I am confounded, dear Orthodox Monk, and I hope you will illuminate.
With sincere appreciation for your learned responses and the time and effort you expend on your blog, I thank you for considering my question for a reply.
God bless you.
Janice
Let us take the questions about the Jesus Prayer first. There are a number of stages in the practice of the Jesus Prayer, from simple group recitation perhaps with a YouTube video 20 minutes once or twice a day, to 24-hour a day, 7-day a week recitation in solitude a cave. At the latter stage the recitation is automatic even in sleep; the Prayer is repeated with the mind in the heart; the practitioner may be practising breath control. It should be clear to Janice that this advanced form of the Jesus Prayer is dangerous for the novice monk—and perhaps even for the advanced monk. So there is a spectrum of practice of the Jesus Prayer and cautions have to be understood in the context of where on the spectrum of practice the cautioner is positioning the practitioner. Moreover, no one can say where precisely on the spectrum the Jesus Prayer ceases to be safe and becomes dangerous. Many factors concerning the person praying enter into question—their personal history, their ecclesiastical situation, their medical health, whether they have a guide, whether they are leading a moral life, whether they go regularly to confession and communion, their family and work and economic situation and so on. For a healthy individual, there is much less danger repeating the Jesus Prayer 20 minutes a day than repeating it all the time in solitude. Similarly, risk in practising the Jesus Prayer is reduced for a member of the Orthodox Church without mental health problems who is leading a moral life. Similarly for someone who is getting along with their family, has a job they like, is economically self-sufficient and is generally not under stress.
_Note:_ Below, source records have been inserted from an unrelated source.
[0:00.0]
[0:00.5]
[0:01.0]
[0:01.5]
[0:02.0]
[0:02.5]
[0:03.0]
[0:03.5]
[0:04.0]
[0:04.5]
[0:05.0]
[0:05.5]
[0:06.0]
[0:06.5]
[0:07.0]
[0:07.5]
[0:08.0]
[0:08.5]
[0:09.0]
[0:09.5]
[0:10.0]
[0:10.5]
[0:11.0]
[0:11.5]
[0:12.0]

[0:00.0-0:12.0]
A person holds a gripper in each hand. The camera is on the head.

We might make some remarks on factors that enter into the question of dangers of the repetition of the Jesus Prayer. However, we can only issue general guidelines; Janice needs a personal guide if she wants personal guidance.
There are several reasons why the Jesus Prayer might become dangerous. First of all, it is the repetition of a short sentence. The repetition itself necessarily stresses the brain. If there are genetically-based mental illnesses involved that stress might precipitate a crisis. This should be clear. But risk is increased if the person is under stress. This should also be clear.
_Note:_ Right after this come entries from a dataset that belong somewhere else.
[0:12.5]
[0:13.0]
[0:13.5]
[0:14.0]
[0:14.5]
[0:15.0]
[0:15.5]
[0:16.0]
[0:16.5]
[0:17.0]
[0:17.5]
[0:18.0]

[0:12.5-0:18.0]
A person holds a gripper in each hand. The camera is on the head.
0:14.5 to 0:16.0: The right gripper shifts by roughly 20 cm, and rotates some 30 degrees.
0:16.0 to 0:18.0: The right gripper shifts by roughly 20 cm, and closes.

Moreover, the formula of the Jesus Prayer is a formula which in Roman Catholic parlance is an act of repentance or contrition. In the healthy individual, no problem. But in a person with emotional problems, such an emphasis on repentance and contrition might provoke an emotional crisis—or, more likely, exacerbate an existing emotional crisis or condition.
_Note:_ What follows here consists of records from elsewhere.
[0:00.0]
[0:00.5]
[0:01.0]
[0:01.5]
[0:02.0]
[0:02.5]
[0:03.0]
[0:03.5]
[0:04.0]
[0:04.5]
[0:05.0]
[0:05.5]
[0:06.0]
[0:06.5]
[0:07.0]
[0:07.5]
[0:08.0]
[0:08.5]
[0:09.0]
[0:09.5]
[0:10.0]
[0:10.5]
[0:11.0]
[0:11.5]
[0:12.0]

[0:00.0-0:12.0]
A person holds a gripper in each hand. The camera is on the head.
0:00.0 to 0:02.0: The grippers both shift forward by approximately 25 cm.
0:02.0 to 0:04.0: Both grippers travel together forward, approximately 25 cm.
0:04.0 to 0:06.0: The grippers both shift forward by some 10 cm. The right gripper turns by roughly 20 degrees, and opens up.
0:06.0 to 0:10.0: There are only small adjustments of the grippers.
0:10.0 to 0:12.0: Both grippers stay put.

Next, the Jesus Prayer is a prayer that arises out of Orthodox Egypt in the 4th Century. It is very heavily contextualized by that fact in its historical development. Decontextualizing the Jesus Prayer—say by treating it one form among many of yoga—is fraught with spiritual and emotional and intellectual danger. It behoves Janice to make an effort to understand the Jesus Prayer from an Orthodox point of view, so that she prays it in an Orthodox way. This is indeed a general caution for all those practitioners, such as Eastern-Rite Catholics, Western-Rite Catholics, Protestants and others, who practise the Jesus Prayer ‘without the Orthodox mumbo-jumbo.’
And here we might remark on the trademarking of the Jesus Prayer that Janice alludes to. We don’t recall the passage in the blog she is referring to but the problem is that in America everyone wants the ‘quick fix,’ the easily used and marketed product. That seems to be what the person was referring to. However, the problem is that because of the contextualization of the Jesus Prayer in Orthodox tradition such a packaging is necessarily going to bastardize the practice of the Prayer. On the one hand, the purchaser gets watered-down adulterated goods; on the other hand the adulterated goods might be (spiritually) dangerous or even poisonous.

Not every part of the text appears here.